On one of the sofas placed about for tired guests not far from where Mark stood, sat Hester, and by her side, his own now declared enemy, the Collector of Puranapore. Mr. Worsley was smiling as he talked, and his conversation was evidently pleasing, judging from Hester's look of interest and animation. The topic was, in fact, reminiscences of her uncle, who had been Felix Worsley's particular friend at Oxford.

Striding rapidly across the room, Rayner laid his hand on his wife's arm, saying sharply:

"Come along, Mrs. Rayner, our carriage stops the way."

Hardly allowing her time even to bow a good-night to her companion, and himself ignoring his presence, he hurried her away, keeping his hold on her arm till she reached the door of the cloak-room.

"Alfred, why were you so rude?" asked Hester in dismay. "Do you know it was Mr. Worsley, whom you wanted so much to meet, that I was talking to?"

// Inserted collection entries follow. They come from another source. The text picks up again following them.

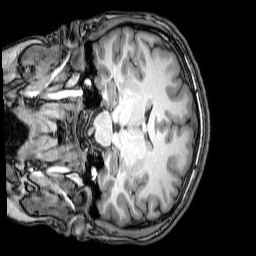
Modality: T1w
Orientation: coronal
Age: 23
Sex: female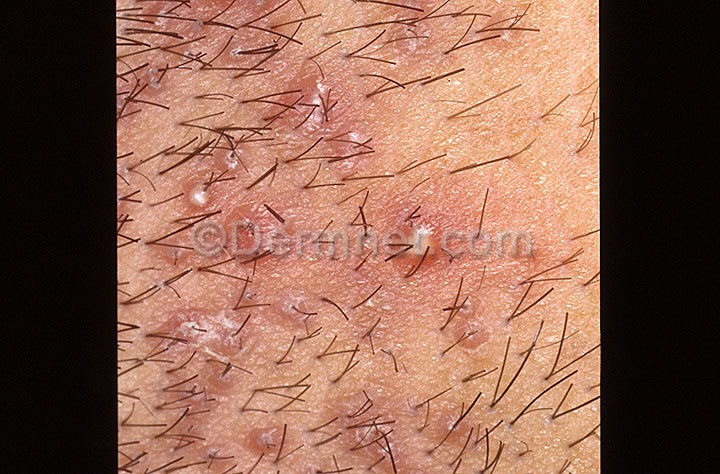
Disease: Hair Loss Photos Alopecia and other Hair Diseases

"I knew it only too well, madam! Therefore it was I chivied you off as I did. Sorry I interrupted what seemed, judging from your appearance, a fascinating tÊte-À-tÊte, but a man must use his discretion where his own wife is concerned! Don't be in any hurry, I've got to summon the carriage yet," he called, as Hester, dumb with shame and vexation, was disappearing into the cloak-room. "I'll send and let you know when Mrs. Rayner's carriage stops the way!" Then he added to himself: "Meanwhile I want a little more champagne to steady my nerves after all this worry."